The U.S. Food and Drug Administration (FDA) has approved Amicus Therapeutics’ Pombiliti (cipaglucosidase alfa-atga) + Opfolda (miglustat) 65mg capsules. This two-component therapy is indicated for adults living with late-onset Pompe disease (LOPD) weighing ≥40 kg and who are not improving on their current enzyme replacement therapy (ERT).
Late-onset Pompe disease is a rare, debilitating, and life-threatening lysosomal disorder caused by a deficiency of the enzyme acid alpha-glucosidase (GAA). Reduced levels of GAA lead to the accumulation of the substrate glycogen in the lysosomes of muscle cells and glycogen buildup causes muscle damage. Disease severity ranges across a spectrum, with predominant manifestations such as skeletal muscle weakness and progressive respiratory involvement.
Pombiliti + Opfolda is a unique two-component therapy. Pombiliti is a recombinant human GAA enzyme (rhGAA) naturally expressed with high levels of bis-M6P (Mannose 6-Phosphate), designed for increased uptake into muscle cells. Once in the cell, Pombiliti can be properly processed into its most active and mature form to break down glycogen. Opfolda is an enzyme stabilizer designed to stabilize the enzyme in the blood.
“Today’s FDA approval of Pombiliti and Opfolda is a testament to the power of science, medicine, and our passionate determination to improve the lives of people living with Pompe disease. This approval embodies our Amicus spirit, passion, and resilience and is a very meaningful step for the Pompe community. I am just so immensely proud of our team, and so very grateful to everyone who has worked to bring this medicine to this approval. Most especially to all of the people living with Pompe around the world,” said John F. Crowley, Executive Chairman of Amicus Therapeutics, Inc.
Bradley Campbell, President and Chief Executive Officer of Amicus Therapeutics, Inc., said: “The FDA approval of Pombiliti and Opfolda is a major milestone for Amicus.

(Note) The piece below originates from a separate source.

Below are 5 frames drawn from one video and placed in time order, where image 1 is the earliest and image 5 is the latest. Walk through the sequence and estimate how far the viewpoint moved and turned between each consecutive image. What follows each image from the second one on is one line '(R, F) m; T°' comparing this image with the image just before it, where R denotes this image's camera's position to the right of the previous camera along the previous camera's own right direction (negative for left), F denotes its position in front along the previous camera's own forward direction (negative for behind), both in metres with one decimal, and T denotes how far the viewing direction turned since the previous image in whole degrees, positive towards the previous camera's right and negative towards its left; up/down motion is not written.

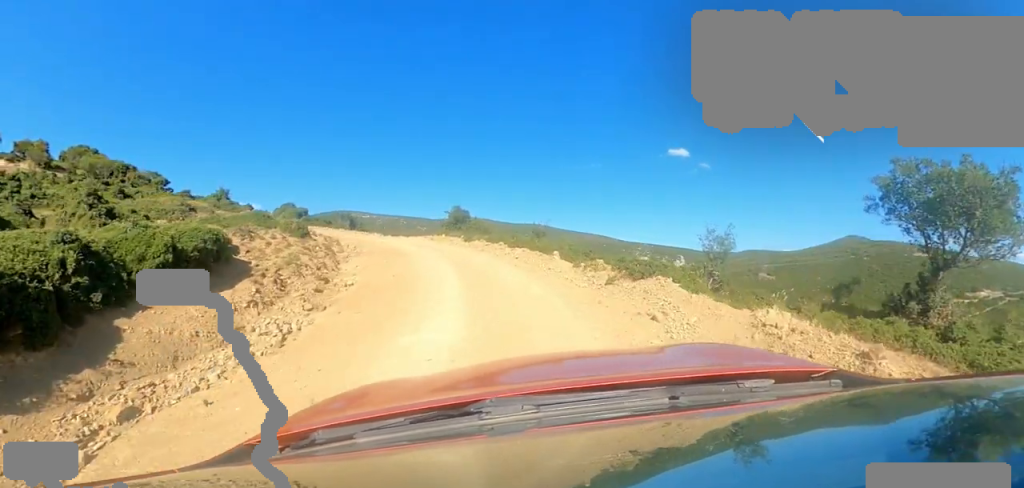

We are grateful to the Pompe community, particularly the patients, caregivers, families, researchers, and physicians who have contributed to the development process through their commitment to our clinical studies.
“Today’s approval is also a testament to Team Amicus’ extraordinary dedication to patients and our ability to execute on our vision to bring new therapies to the rare disease community. Our highly experienced team is ready to launch this medicine in the U.S., and we look forward to rapidly bringing this new treatment regimen to all eligible adults living with late-onset Pompe disease who are not improving on their current ERT.”
The FDA approval was based on clinical data observed from the Phase 3 pivotal study (PROPEL), the only trial in LOPD to study ERT-experienced participants in a controlled setting.
“The Pompe community continues to face unmet need and limited treatment options. This two-component therapy is an important new treatment for those adults living with late-onset Pompe disease and not improving on current therapies. I am encouraged by the evidence generated over many years of clinical research studying this therapy for ERT-experienced patients living with late-onset Pompe disease,” said Tahseen Mozaffar, MD, Director of the Division of Neuromuscular Diseases in the Department of Neurology at the School of Medicine at UC Irvine and Director of the UC Irvine ALS and Neuromuscular Center, as well as an investigator for the PROPEL study.
“Today’s FDA approval is an extremely important step and acknowledges the potential of Pombiliti and Opfolda,” said Priya Kishnani, MD, Professor of Pediatrics and Chief of Medical Genetics at Duke University School of Medicine and an investigator for the PROPEL study. “I am grateful that eligible patients with late-onset Pompe disease in the U.S. will now have access to additional treatment options.”
“The FDA approval of Pombiliti and Opfolda represents a long-awaited day for people living with late-onset Pompe disease and advocating for additional therapeutic options,” said Tiffany House, President, Acid Maltase Deficiency Association. “Amicus’ long-standing commitment to the Pompe community and rare disease research has led to the development of an important therapy for the Pompe community because patients will now have options.”
Amicus Therapeutics will launch Pombiliti + Opfolda immediately in the U.S. The FDA previously granted Breakthrough Therapy designation for Pombiliti + Opfolda. Pombiliti + Opfolda has also been approved for the treatment of adults with LOPD in the European Union and the United Kingdom.